### Task item:
All of the data should be restated word for word.

### Data for processing:
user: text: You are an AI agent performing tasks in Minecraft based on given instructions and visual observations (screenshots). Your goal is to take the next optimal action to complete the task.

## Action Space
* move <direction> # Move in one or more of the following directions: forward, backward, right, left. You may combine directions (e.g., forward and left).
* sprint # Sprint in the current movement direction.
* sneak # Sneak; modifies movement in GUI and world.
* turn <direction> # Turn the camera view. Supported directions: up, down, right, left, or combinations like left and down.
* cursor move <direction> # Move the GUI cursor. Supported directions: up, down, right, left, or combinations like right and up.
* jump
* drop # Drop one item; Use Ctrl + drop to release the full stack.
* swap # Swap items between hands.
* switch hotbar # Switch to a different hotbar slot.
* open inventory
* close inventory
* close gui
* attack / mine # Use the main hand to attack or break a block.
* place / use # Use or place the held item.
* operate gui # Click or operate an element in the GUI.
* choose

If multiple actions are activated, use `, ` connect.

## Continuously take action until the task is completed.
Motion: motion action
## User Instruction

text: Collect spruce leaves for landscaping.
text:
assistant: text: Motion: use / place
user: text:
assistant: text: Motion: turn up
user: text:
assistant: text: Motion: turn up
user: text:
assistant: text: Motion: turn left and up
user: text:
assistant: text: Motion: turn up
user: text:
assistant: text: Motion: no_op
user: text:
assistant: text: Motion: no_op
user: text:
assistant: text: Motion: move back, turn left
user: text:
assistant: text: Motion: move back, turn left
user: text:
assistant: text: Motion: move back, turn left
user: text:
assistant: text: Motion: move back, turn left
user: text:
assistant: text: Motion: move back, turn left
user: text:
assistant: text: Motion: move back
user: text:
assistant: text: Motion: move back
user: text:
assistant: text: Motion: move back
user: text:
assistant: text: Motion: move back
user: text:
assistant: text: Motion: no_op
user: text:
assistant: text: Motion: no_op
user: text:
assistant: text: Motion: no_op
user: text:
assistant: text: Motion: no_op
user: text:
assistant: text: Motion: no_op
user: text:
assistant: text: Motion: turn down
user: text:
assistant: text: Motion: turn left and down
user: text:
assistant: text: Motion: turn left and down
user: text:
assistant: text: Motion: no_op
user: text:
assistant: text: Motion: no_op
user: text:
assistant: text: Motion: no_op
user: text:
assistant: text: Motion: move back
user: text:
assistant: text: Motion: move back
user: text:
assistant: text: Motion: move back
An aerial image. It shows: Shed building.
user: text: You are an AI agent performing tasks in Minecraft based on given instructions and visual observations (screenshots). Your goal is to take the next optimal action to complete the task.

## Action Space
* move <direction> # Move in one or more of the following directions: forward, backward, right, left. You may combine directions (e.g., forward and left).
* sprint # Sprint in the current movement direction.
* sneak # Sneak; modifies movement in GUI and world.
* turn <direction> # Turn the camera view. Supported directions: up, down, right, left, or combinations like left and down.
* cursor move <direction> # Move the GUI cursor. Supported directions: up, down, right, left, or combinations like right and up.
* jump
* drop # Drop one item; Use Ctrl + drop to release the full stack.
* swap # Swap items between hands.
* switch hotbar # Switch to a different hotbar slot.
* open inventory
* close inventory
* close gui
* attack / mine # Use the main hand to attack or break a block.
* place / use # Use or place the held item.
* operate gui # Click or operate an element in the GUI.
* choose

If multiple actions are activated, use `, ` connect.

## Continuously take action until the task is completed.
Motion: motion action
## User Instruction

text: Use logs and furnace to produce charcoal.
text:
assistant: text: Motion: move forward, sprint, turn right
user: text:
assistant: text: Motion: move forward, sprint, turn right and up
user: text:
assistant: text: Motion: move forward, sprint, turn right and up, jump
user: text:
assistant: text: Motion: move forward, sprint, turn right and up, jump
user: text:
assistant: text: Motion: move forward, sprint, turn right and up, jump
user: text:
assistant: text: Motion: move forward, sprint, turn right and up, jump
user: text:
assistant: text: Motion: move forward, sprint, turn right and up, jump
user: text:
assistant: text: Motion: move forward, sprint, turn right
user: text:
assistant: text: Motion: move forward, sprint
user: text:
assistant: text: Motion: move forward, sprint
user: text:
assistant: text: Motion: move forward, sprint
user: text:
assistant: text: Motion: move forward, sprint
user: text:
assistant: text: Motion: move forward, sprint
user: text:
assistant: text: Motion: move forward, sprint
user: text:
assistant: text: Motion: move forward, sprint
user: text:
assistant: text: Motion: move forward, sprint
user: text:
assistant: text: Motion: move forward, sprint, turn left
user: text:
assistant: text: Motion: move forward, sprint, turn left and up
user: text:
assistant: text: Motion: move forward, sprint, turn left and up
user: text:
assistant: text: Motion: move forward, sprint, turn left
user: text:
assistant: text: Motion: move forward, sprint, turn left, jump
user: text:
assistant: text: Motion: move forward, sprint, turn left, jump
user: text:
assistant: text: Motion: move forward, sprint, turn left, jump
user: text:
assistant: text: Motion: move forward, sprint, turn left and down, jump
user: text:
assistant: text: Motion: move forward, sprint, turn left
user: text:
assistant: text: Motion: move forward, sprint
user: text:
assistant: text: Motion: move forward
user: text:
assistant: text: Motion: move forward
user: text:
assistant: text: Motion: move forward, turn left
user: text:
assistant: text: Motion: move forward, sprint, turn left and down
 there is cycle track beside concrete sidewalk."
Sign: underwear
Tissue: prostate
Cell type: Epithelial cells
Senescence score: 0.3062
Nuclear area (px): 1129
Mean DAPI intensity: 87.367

### Reply to the task:
user: text: You are an AI agent performing tasks in Minecraft based on given instructions and visual observations (screenshots). Your goal is to take the next optimal action to complete the task.

## Action Space
* move <direction> # Move in one or more of the following directions: forward, backward, right, left. You may combine directions (e.g., forward and left).
* sprint # Sprint in the current movement direction.
* sneak # Sneak; modifies movement in GUI and world.
* turn <direction> # Turn the camera view. Supported directions: up, down, right, left, or combinations like left and down.
* cursor move <direction> # Move the GUI cursor. Supported directions: up, down, right, left, or combinations like right and up.
* jump
* drop # Drop one item; Use Ctrl + drop to release the full stack.
* swap # Swap items between hands.
* switch hotbar # Switch to a different hotbar slot.
* open inventory
* close inventory
* close gui
* attack / mine # Use the main hand to attack or break a block.
* place / use # Use or place the held item.
* operate gui # Click or operate an element in the GUI.
* choose

If multiple actions are activated, use `, ` connect.

## Continuously take action until the task is completed.
Motion: motion action
## User Instruction

text: Collect spruce leaves for landscaping.
text:
assistant: text: Motion: use / place
user: text:
assistant: text: Motion: turn up
user: text:
assistant: text: Motion: turn up
user: text:
assistant: text: Motion: turn left and up
user: text:
assistant: text: Motion: turn up
user: text:
assistant: text: Motion: no_op
user: text:
assistant: text: Motion: no_op
user: text:
assistant: text: Motion: move back, turn left
user: text:
assistant: text: Motion: move back, turn left
user: text:
assistant: text: Motion: move back, turn left
user: text:
assistant: text: Motion: move back, turn left
user: text:
assistant: text: Motion: move back, turn left
user: text:
assistant: text: Motion: move back
user: text:
assistant: text: Motion: move back
user: text:
assistant: text: Motion: move back
user: text:
assistant: text: Motion: move back
user: text:
assistant: text: Motion: no_op
user: text:
assistant: text: Motion: no_op
user: text:
assistant: text: Motion: no_op
user: text:
assistant: text: Motion: no_op
user: text:
assistant: text: Motion: no_op
user: text:
assistant: text: Motion: turn down
user: text:
assistant: text: Motion: turn left and down
user: text:
assistant: text: Motion: turn left and down
user: text:
assistant: text: Motion: no_op
user: text:
assistant: text: Motion: no_op
user: text:
assistant: text: Motion: no_op
user: text:
assistant: text: Motion: move back
user: text:
assistant: text: Motion: move back
user: text:
assistant: text: Motion: move back
An aerial image. It shows: Shed building.
user: text: You are an AI agent performing tasks in Minecraft based on given instructions and visual observations (screenshots). Your goal is to take the next optimal action to complete the task.

## Action Space
* move <direction> # Move in one or more of the following directions: forward, backward, right, left. You may combine directions (e.g., forward and left).
* sprint # Sprint in the current movement direction.
* sneak # Sneak; modifies movement in GUI and world.
* turn <direction> # Turn the camera view. Supported directions: up, down, right, left, or combinations like left and down.
* cursor move <direction> # Move the GUI cursor. Supported directions: up, down, right, left, or combinations like right and up.
* jump
* drop # Drop one item; Use Ctrl + drop to release the full stack.
* swap # Swap items between hands.
* switch hotbar # Switch to a different hotbar slot.
* open inventory
* close inventory
* close gui
* attack / mine # Use the main hand to attack or break a block.
* place / use # Use or place the held item.
* operate gui # Click or operate an element in the GUI.
* choose

If multiple actions are activated, use `, ` connect.

## Continuously take action until the task is completed.
Motion: motion action
## User Instruction

text: Use logs and furnace to produce charcoal.
text:
assistant: text: Motion: move forward, sprint, turn right
user: text:
assistant: text: Motion: move forward, sprint, turn right and up
user: text:
assistant: text: Motion: move forward, sprint, turn right and up, jump
user: text:
assistant: text: Motion: move forward, sprint, turn right and up, jump
user: text:
assistant: text: Motion: move forward, sprint, turn right and up, jump
user: text:
assistant: text: Motion: move forward, sprint, turn right and up, jump
user: text:
assistant: text: Motion: move forward, sprint, turn right and up, jump
user: text:
assistant: text: Motion: move forward, sprint, turn right
user: text:
assistant: text: Motion: move forward, sprint
user: text:
assistant: text: Motion: move forward, sprint
user: text:
assistant: text: Motion: move forward, sprint
user: text:
assistant: text: Motion: move forward, sprint
user: text:
assistant: text: Motion: move forward, sprint
user: text:
assistant: text: Motion: move forward, sprint
user: text:
assistant: text: Motion: move forward, sprint
user: text:
assistant: text: Motion: move forward, sprint
user: text:
assistant: text: Motion: move forward, sprint, turn left
user: text:
assistant: text: Motion: move forward, sprint, turn left and up
user: text:
assistant: text: Motion: move forward, sprint, turn left and up
user: text:
assistant: text: Motion: move forward, sprint, turn left
user: text:
assistant: text: Motion: move forward, sprint, turn left, jump
user: text:
assistant: text: Motion: move forward, sprint, turn left, jump
user: text:
assistant: text: Motion: move forward, sprint, turn left, jump
user: text:
assistant: text: Motion: move forward, sprint, turn left and down, jump
user: text:
assistant: text: Motion: move forward, sprint, turn left
user: text:
assistant: text: Motion: move forward, sprint
user: text:
assistant: text: Motion: move forward
user: text:
assistant: text: Motion: move forward
user: text:
assistant: text: Motion: move forward, turn left
user: text:
assistant: text: Motion: move forward, sprint, turn left and down
 there is cycle track beside concrete sidewalk."
Sign: underwear
Tissue: prostate
Cell type: Epithelial cells
Senescence score: 0.3062
Nuclear area (px): 1129
Mean DAPI intensity: 87.367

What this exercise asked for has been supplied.